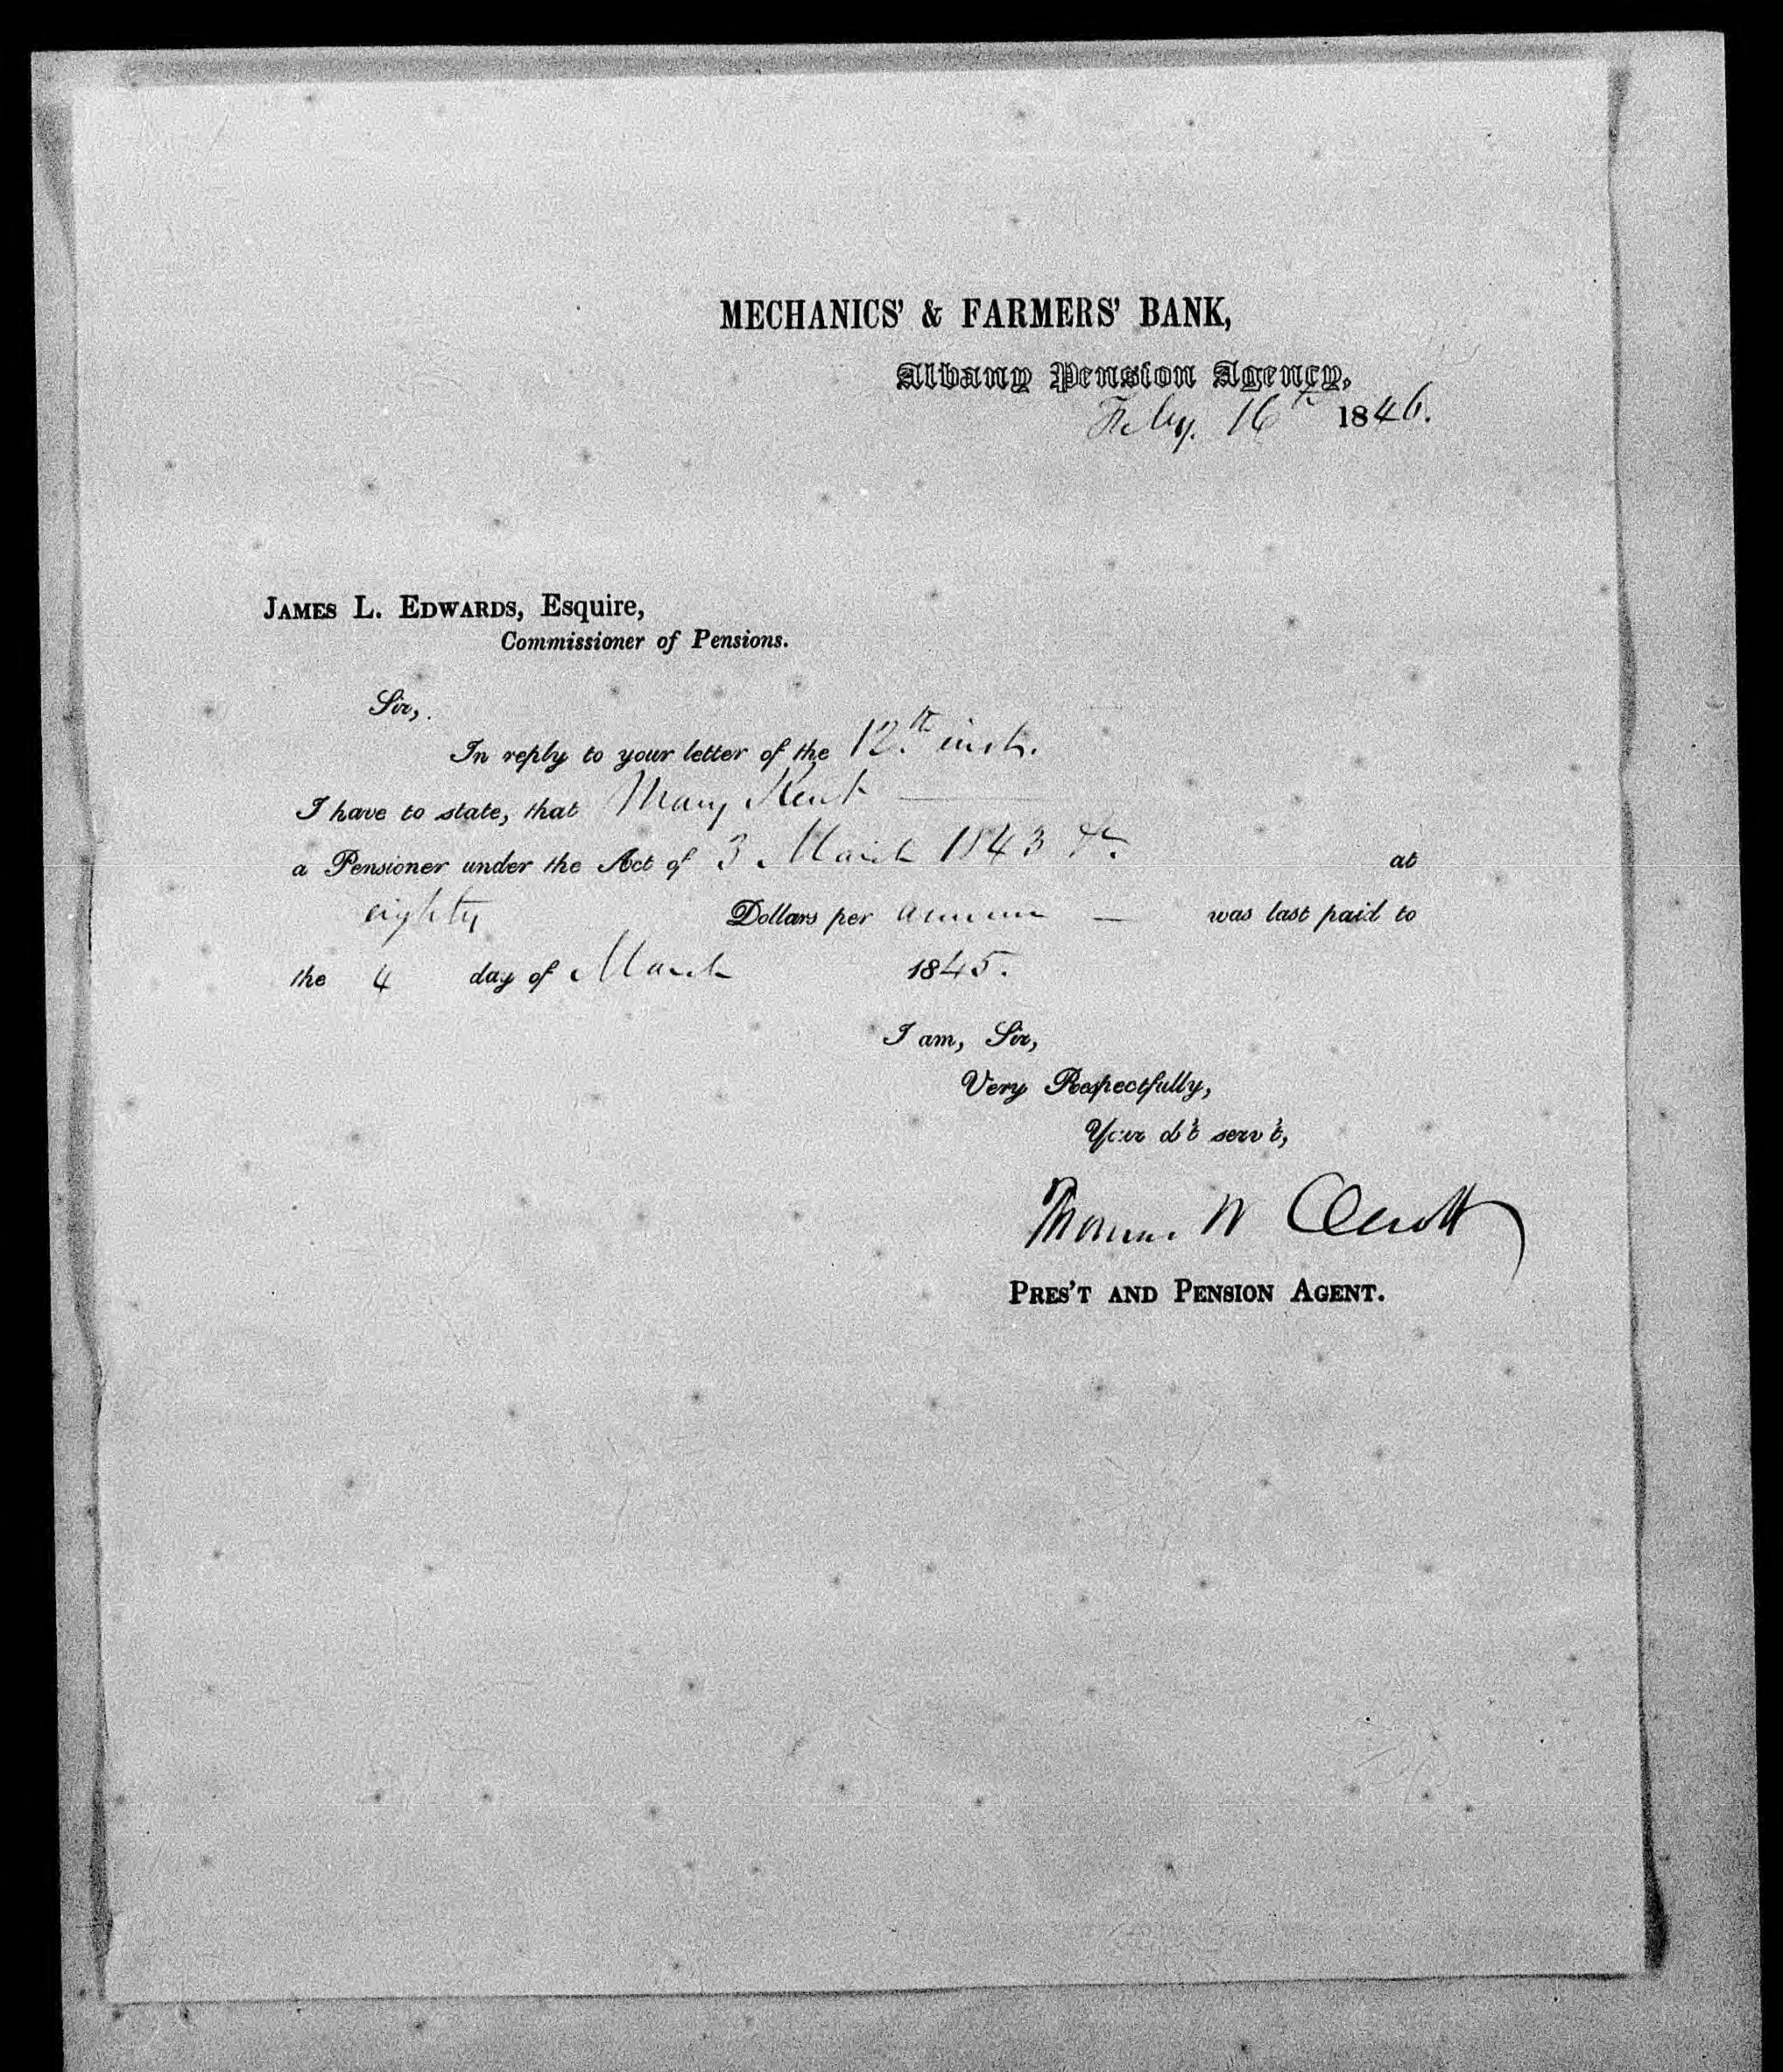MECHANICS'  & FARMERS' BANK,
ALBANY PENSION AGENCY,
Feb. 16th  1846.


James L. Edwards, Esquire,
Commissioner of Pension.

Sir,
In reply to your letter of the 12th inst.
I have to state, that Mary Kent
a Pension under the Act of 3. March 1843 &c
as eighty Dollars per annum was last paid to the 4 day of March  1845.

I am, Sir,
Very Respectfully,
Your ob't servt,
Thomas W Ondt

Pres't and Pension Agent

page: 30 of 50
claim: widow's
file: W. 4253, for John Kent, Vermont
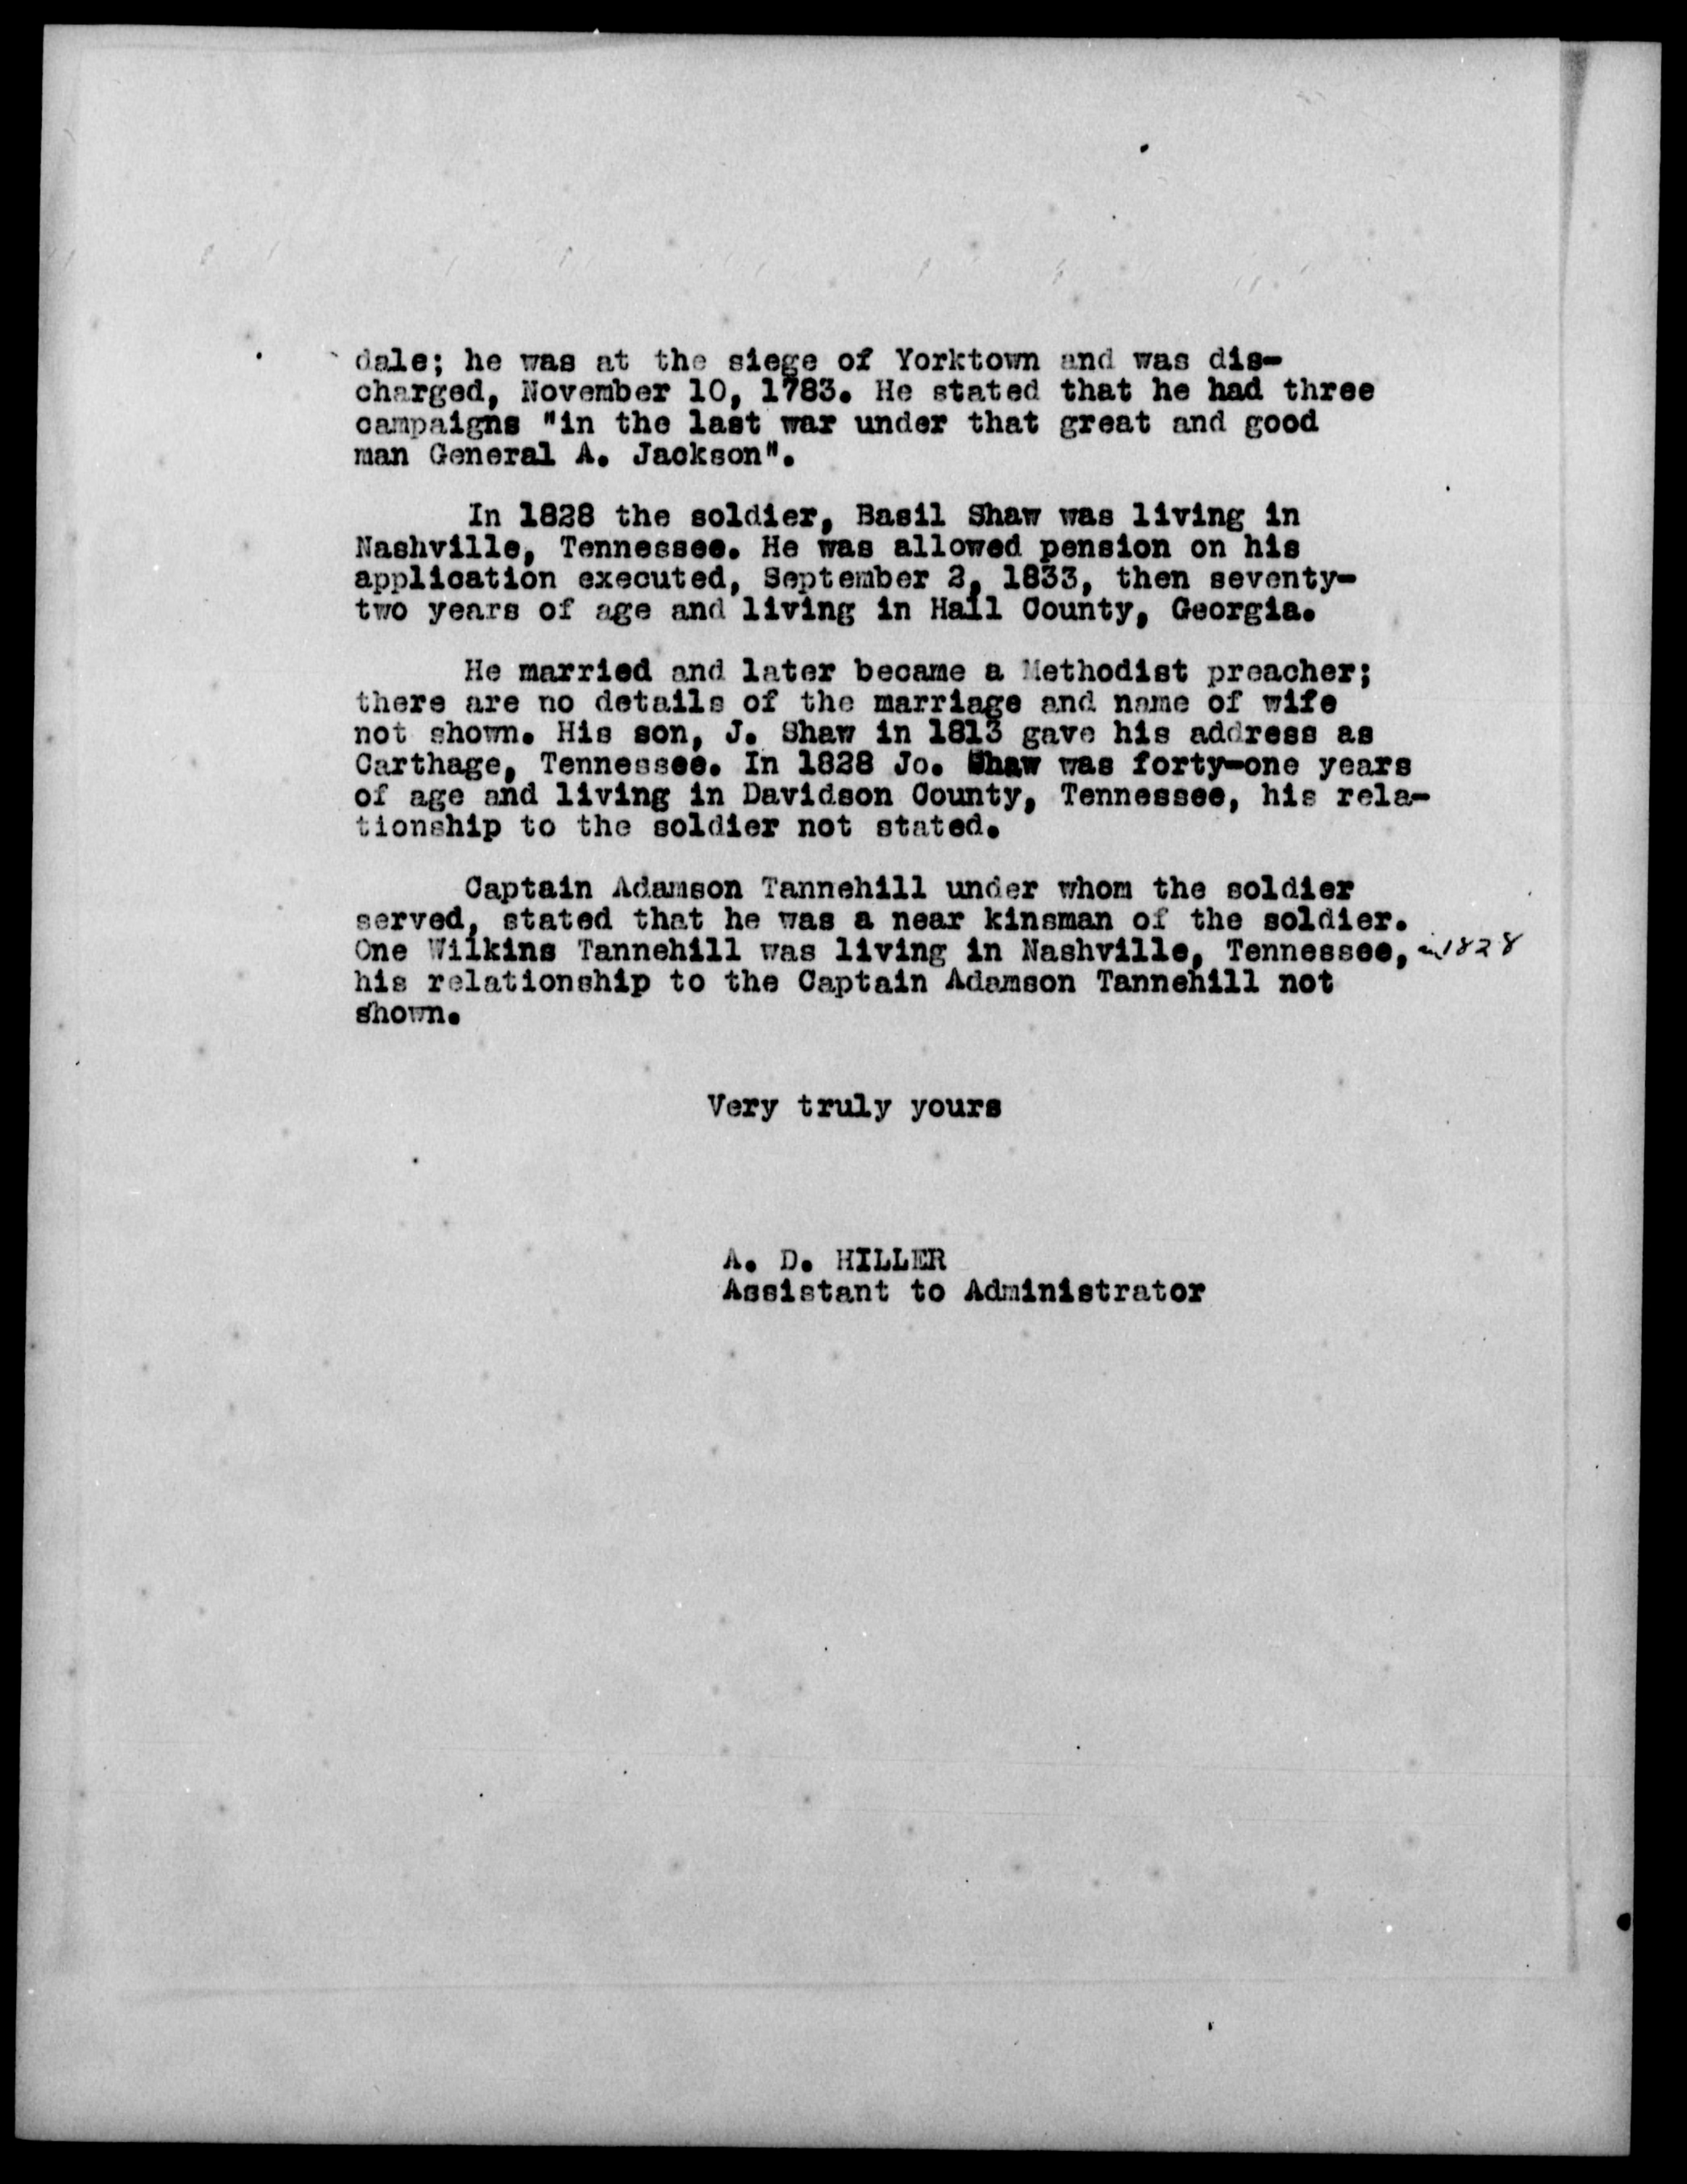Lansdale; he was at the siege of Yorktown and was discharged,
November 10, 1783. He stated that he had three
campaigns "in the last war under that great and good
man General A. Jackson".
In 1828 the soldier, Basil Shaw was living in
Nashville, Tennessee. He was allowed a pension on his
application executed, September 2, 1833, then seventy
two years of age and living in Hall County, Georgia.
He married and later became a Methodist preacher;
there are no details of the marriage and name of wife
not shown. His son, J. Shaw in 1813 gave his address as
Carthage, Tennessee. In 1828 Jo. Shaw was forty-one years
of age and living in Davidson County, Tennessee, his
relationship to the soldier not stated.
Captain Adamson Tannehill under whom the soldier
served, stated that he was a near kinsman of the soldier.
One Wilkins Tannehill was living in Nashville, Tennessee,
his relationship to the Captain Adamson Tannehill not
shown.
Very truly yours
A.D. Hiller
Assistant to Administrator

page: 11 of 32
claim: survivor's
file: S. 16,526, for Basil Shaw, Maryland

■ Work required
Word-for-word output of every record is needed, with images omitted.

■ Solution for this task
MECHANICS'  & FARMERS' BANK,
ALBANY PENSION AGENCY,
Feb. 16th  1846.


James L. Edwards, Esquire,
Commissioner of Pension.

Sir,
In reply to your letter of the 12th inst.
I have to state, that Mary Kent
a Pension under the Act of 3. March 1843 &c
as eighty Dollars per annum was last paid to the 4 day of March  1845.

I am, Sir,
Very Respectfully,
Your ob't servt,
Thomas W Ondt

Pres't and Pension Agent

page: 30 of 50
claim: widow's
file: W. 4253, for John Kent, Vermont
Lansdale; he was at the siege of Yorktown and was discharged,
November 10, 1783. He stated that he had three
campaigns "in the last war under that great and good
man General A. Jackson".
In 1828 the soldier, Basil Shaw was living in
Nashville, Tennessee. He was allowed a pension on his
application executed, September 2, 1833, then seventy
two years of age and living in Hall County, Georgia.
He married and later became a Methodist preacher;
there are no details of the marriage and name of wife
not shown. His son, J. Shaw in 1813 gave his address as
Carthage, Tennessee. In 1828 Jo. Shaw was forty-one years
of age and living in Davidson County, Tennessee, his
relationship to the soldier not stated.
Captain Adamson Tannehill under whom the soldier
served, stated that he was a near kinsman of the soldier.
One Wilkins Tannehill was living in Nashville, Tennessee,
his relationship to the Captain Adamson Tannehill not
shown.
Very truly yours
A.D. Hiller
Assistant to Administrator

page: 11 of 32
claim: survivor's
file: S. 16,526, for Basil Shaw, Maryland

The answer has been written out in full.